Start of The input

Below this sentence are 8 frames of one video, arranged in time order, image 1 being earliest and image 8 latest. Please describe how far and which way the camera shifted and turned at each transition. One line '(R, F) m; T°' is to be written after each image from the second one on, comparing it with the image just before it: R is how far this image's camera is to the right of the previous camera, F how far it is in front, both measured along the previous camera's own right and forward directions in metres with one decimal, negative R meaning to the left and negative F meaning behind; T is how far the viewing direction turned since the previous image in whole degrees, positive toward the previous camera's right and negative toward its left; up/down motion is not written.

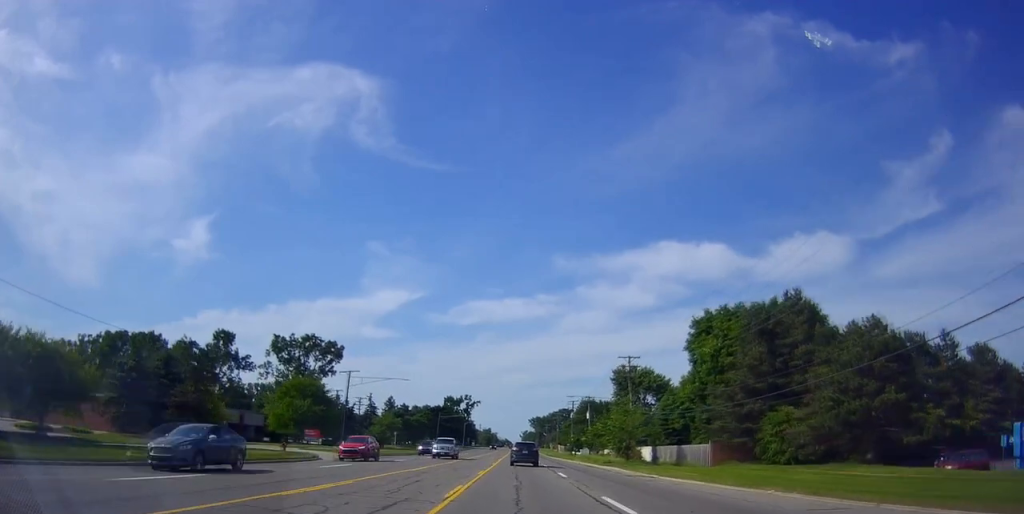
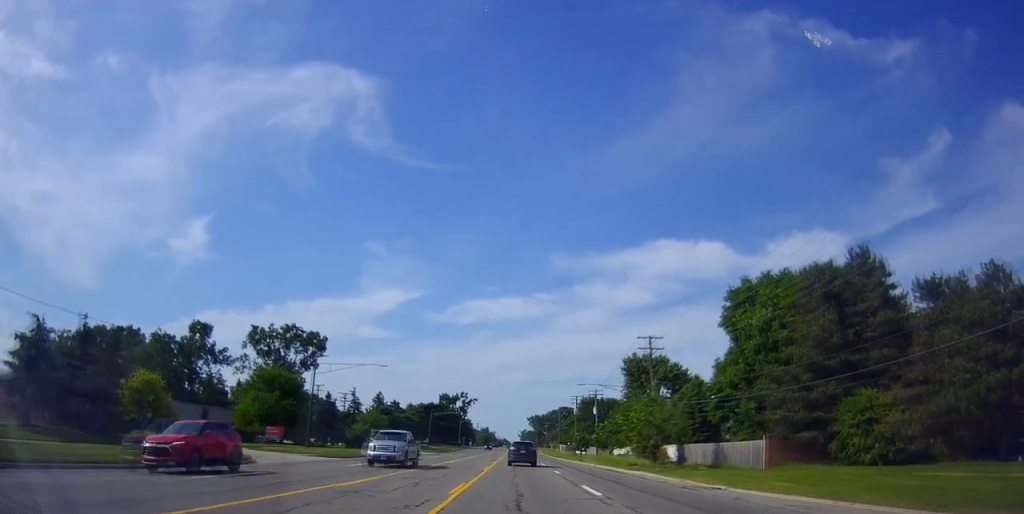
(+0.4, +11.0) m; 0°
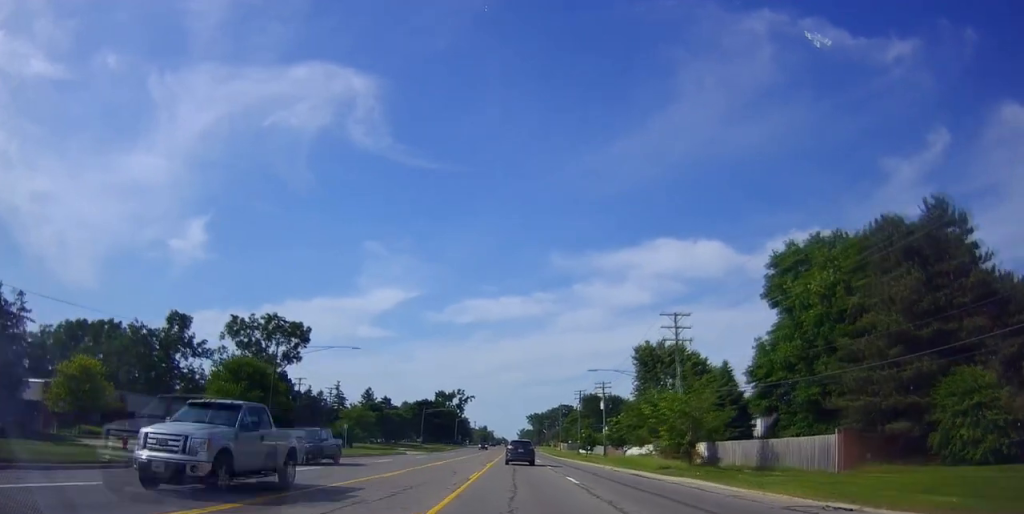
(+0.1, +9.2) m; 0°
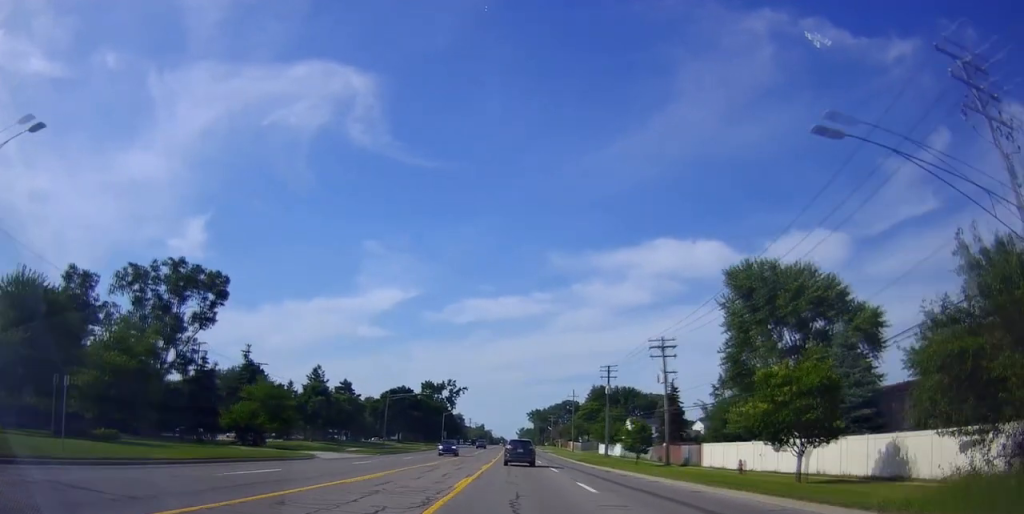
(-0.1, +35.5) m; +1°
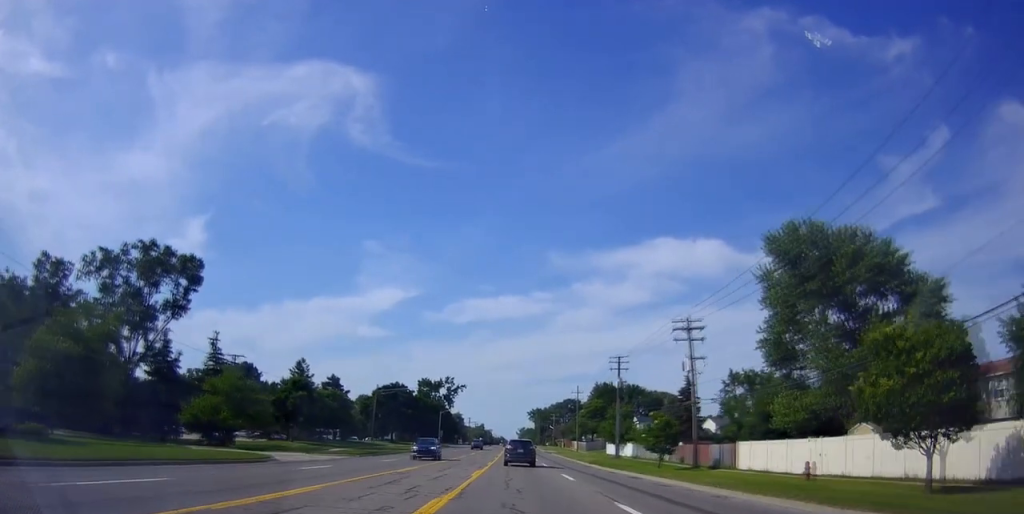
(0.0, +8.1) m; 0°
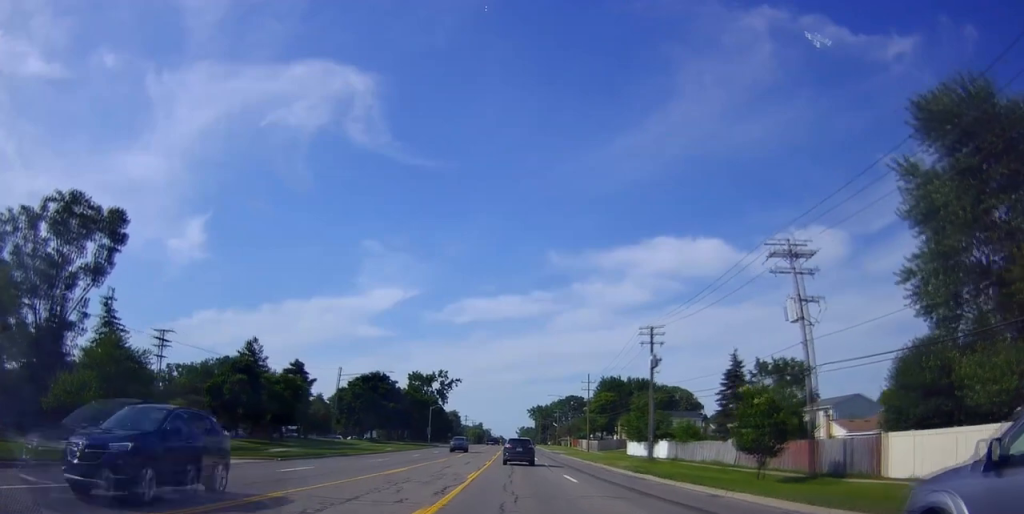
(+0.1, +18.5) m; -1°
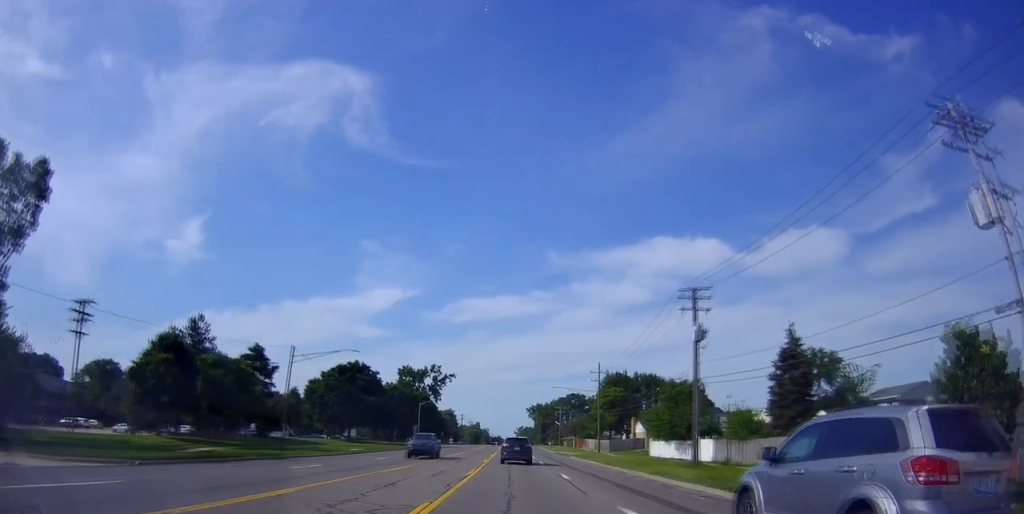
(-0.1, +14.5) m; -1°
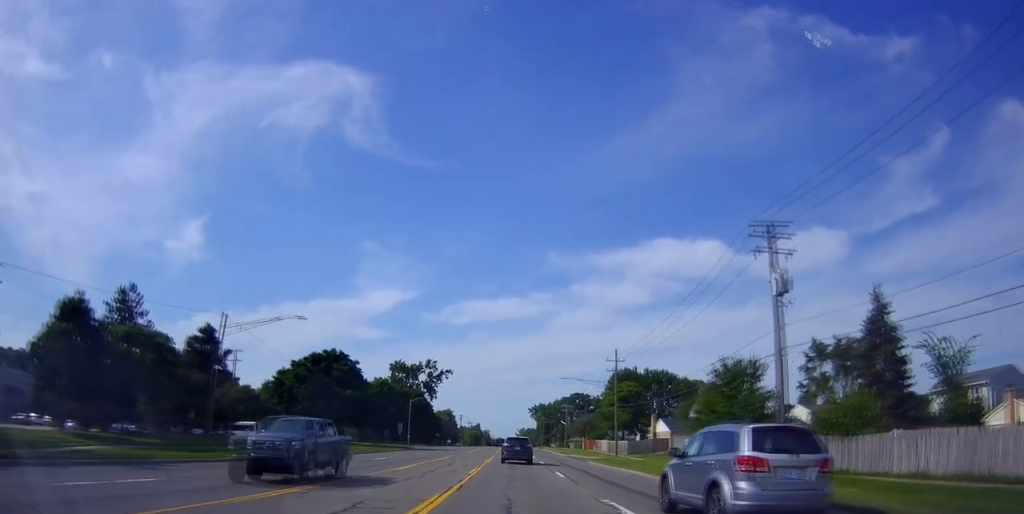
(-0.5, +13.7) m; 0°

End of The input

> _Exercise goal_: The entries above need to be output again in full, exactly, and without pictures.

> _Exercise answer_:
Below this sentence are 8 frames of one video, arranged in time order, image 1 being earliest and image 8 latest. Please describe how far and which way the camera shifted and turned at each transition. One line '(R, F) m; T°' is to be written after each image from the second one on, comparing it with the image just before it: R is how far this image's camera is to the right of the previous camera, F how far it is in front, both measured along the previous camera's own right and forward directions in metres with one decimal, negative R meaning to the left and negative F meaning behind; T is how far the viewing direction turned since the previous image in whole degrees, positive toward the previous camera's right and negative toward its left; up/down motion is not written.

(+0.4, +11.0) m; 0°
(+0.1, +9.2) m; 0°
(-0.1, +35.5) m; +1°
(0.0, +8.1) m; 0°
(+0.1, +18.5) m; -1°
(-0.1, +14.5) m; -1°
(-0.5, +13.7) m; 0°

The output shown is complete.